What needs to be done -
Restate the data below word for word. Leave the images out.

[[ Supplied data, beginning ]]

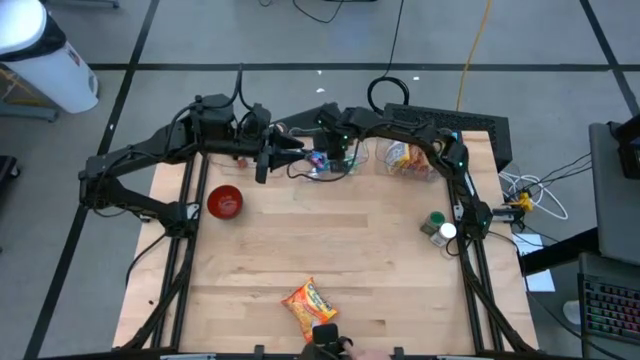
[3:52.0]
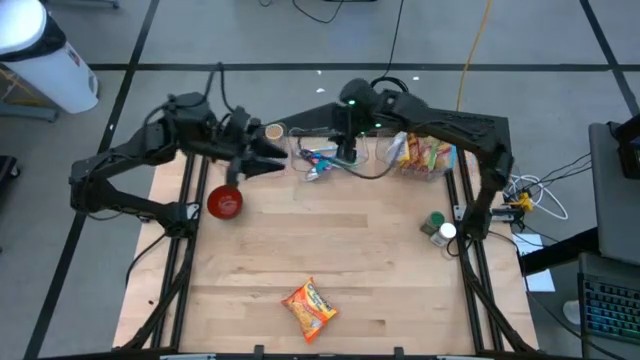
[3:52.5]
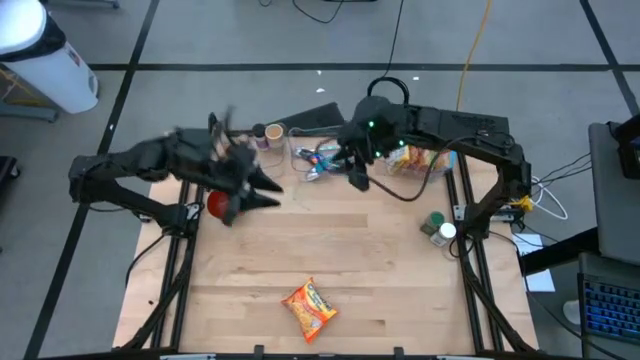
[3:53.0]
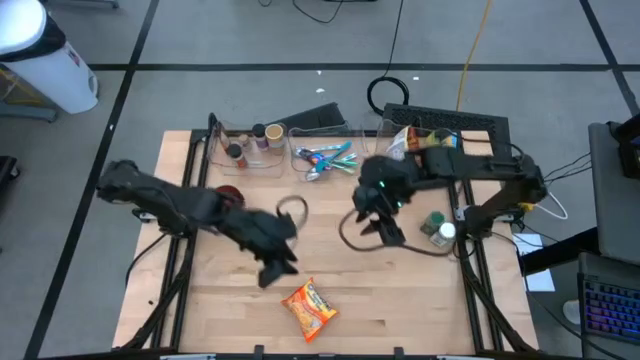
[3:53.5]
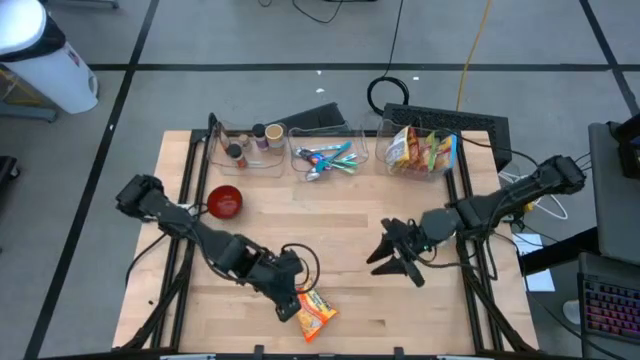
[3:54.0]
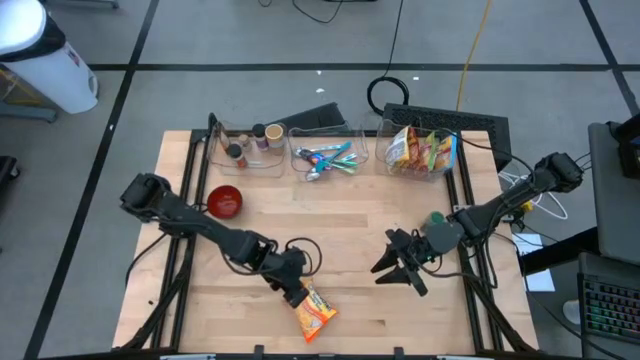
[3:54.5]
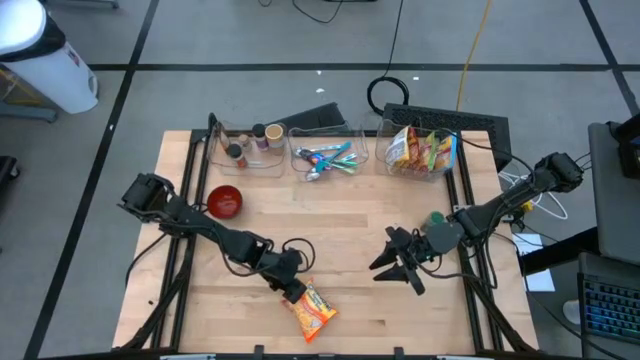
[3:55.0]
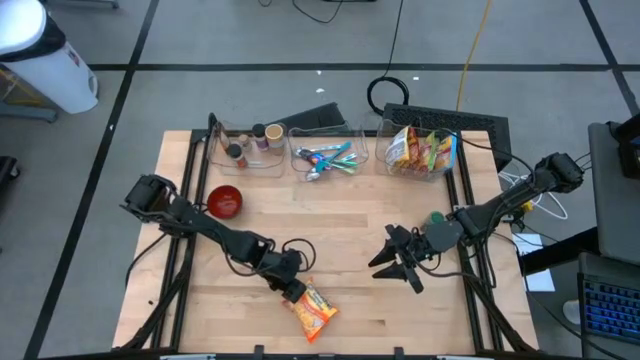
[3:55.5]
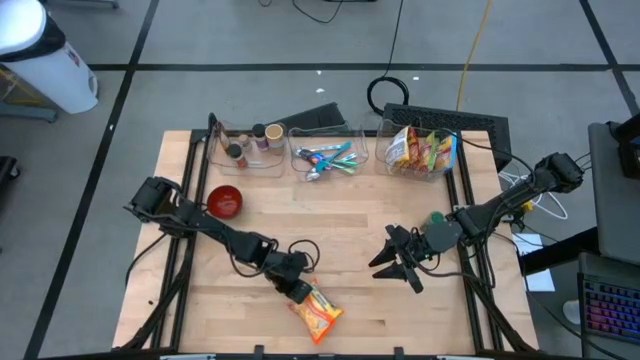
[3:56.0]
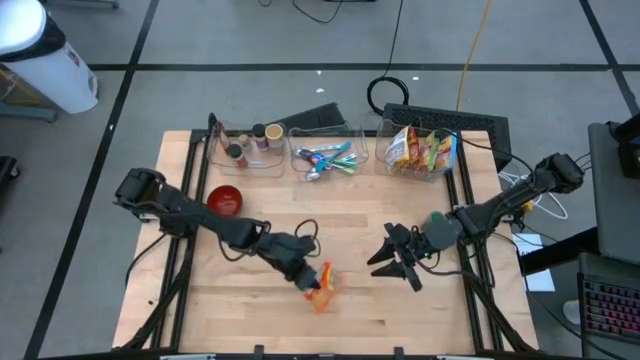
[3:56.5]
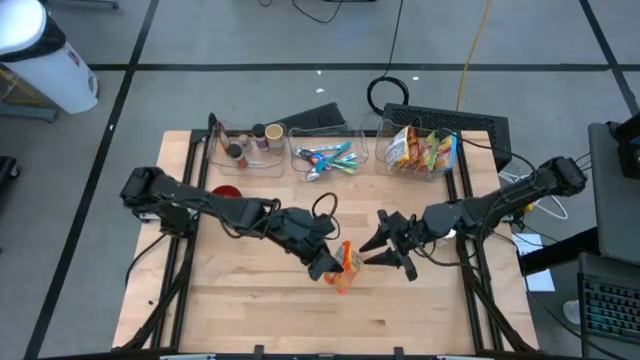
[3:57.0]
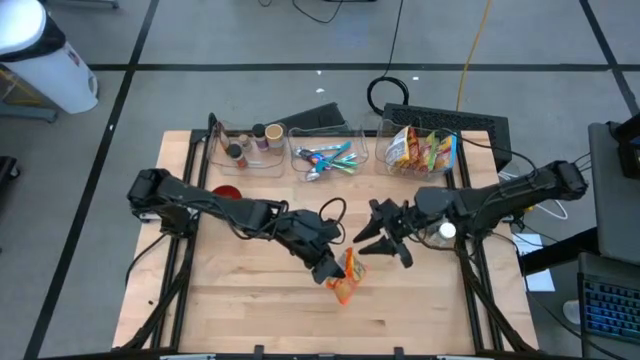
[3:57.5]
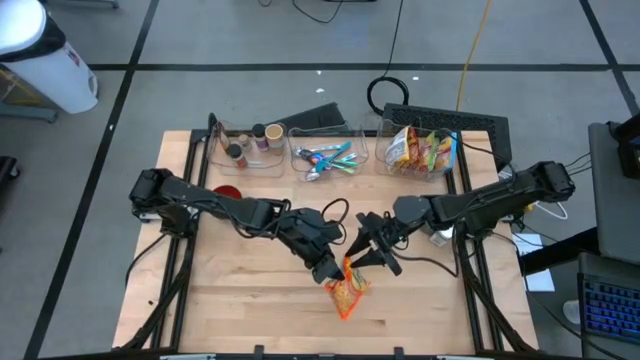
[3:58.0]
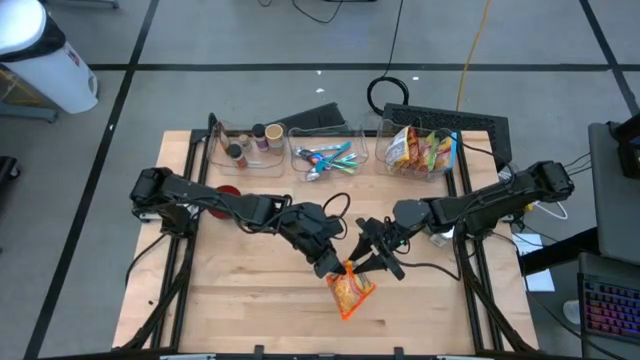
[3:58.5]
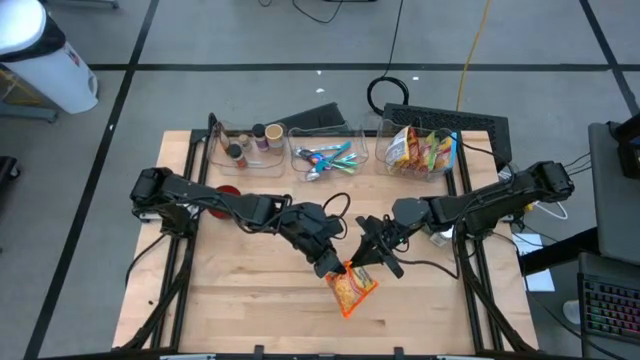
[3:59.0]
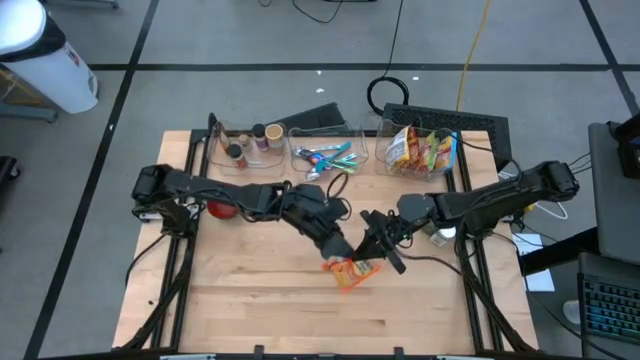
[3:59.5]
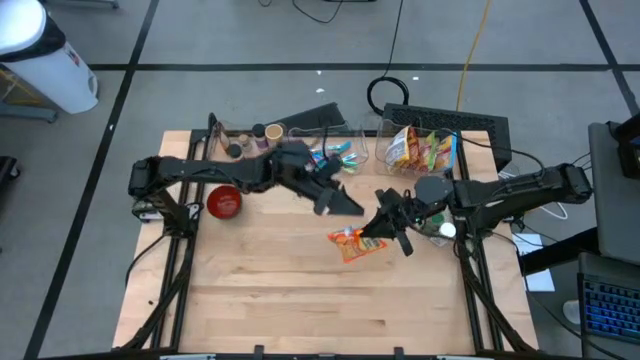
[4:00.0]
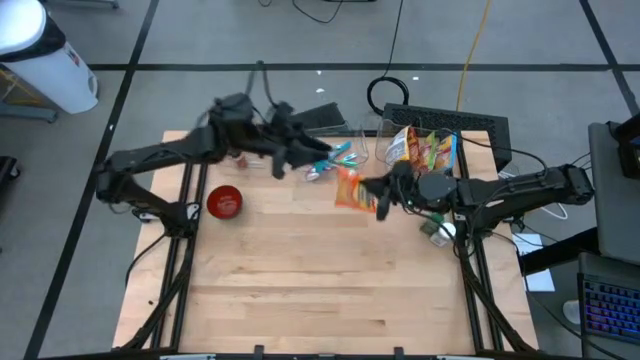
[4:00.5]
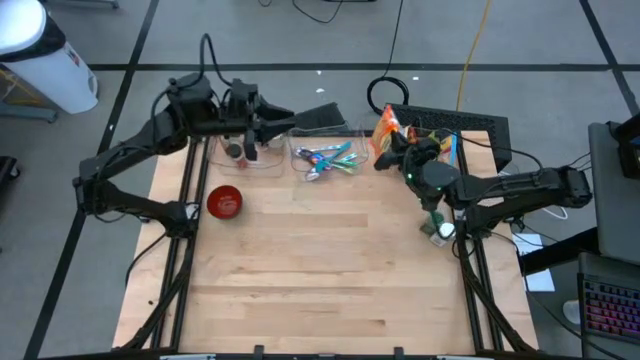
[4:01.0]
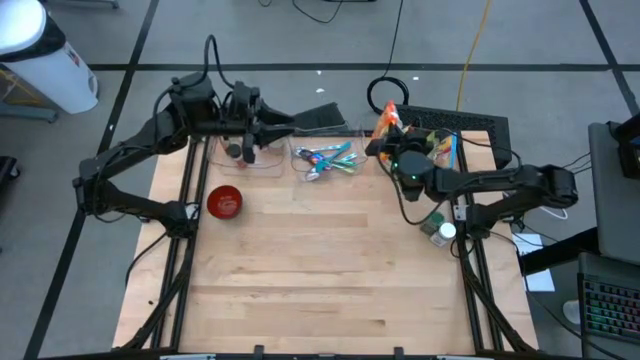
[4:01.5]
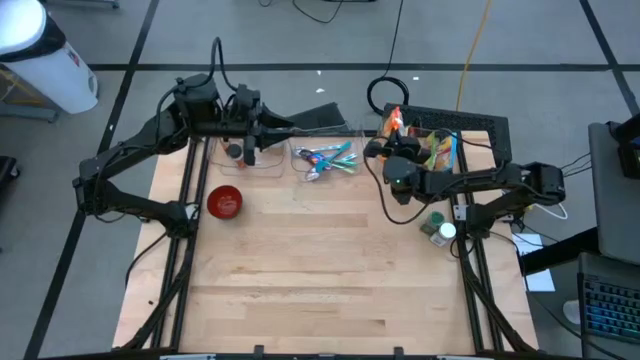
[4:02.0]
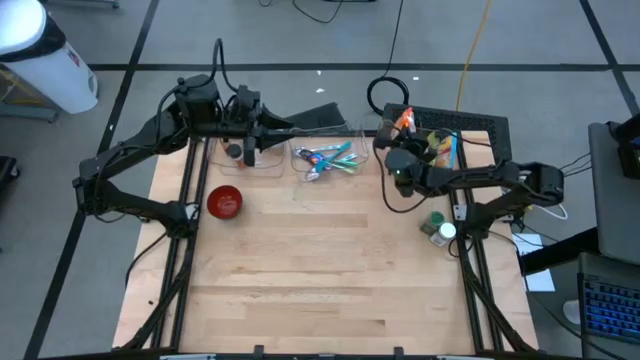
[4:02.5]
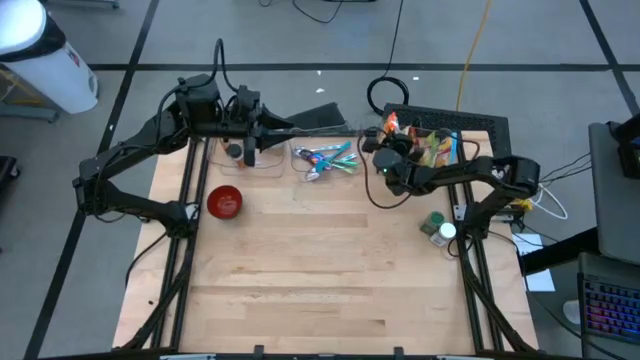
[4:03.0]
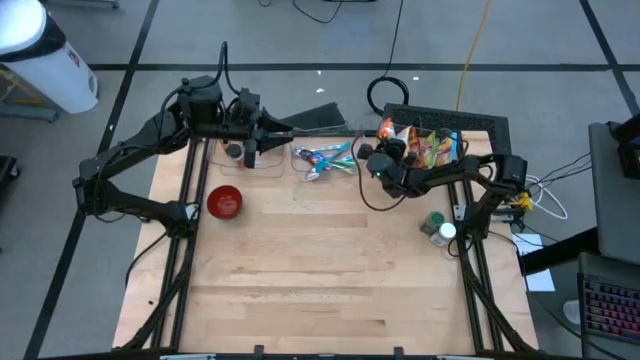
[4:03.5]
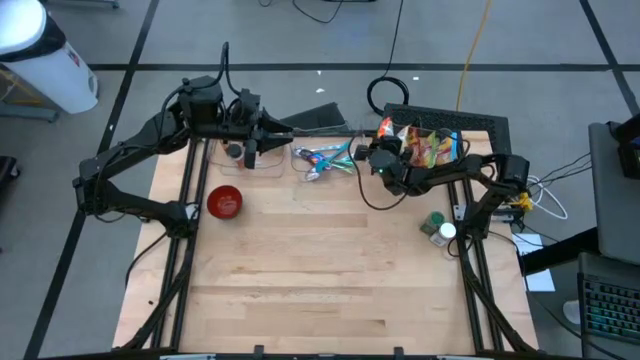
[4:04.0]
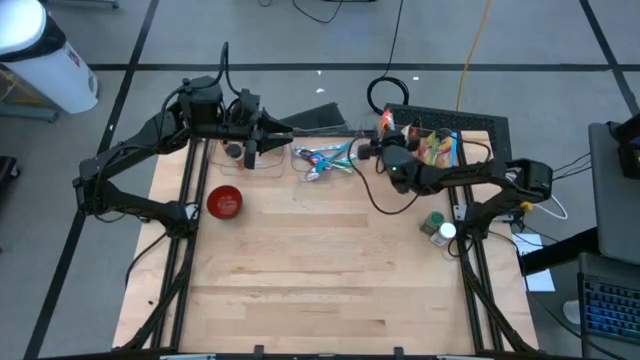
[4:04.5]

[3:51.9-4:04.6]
Task: Pick & Place Food Item
Put the orange noodle pack into the right transparent bin

[[ Supplied data, end ]]

Response to the exercise -
[3:52.0]
[3:52.5]
[3:53.0]
[3:53.5]
[3:54.0]
[3:54.5]
[3:55.0]
[3:55.5]
[3:56.0]
[3:56.5]
[3:57.0]
[3:57.5]
[3:58.0]
[3:58.5]
[3:59.0]
[3:59.5]
[4:00.0]
[4:00.5]
[4:01.0]
[4:01.5]
[4:02.0]
[4:02.5]
[4:03.0]
[4:03.5]
[4:04.0]
[4:04.5]

[3:51.9-4:04.6]
Task: Pick & Place Food Item
Put the orange noodle pack into the right transparent bin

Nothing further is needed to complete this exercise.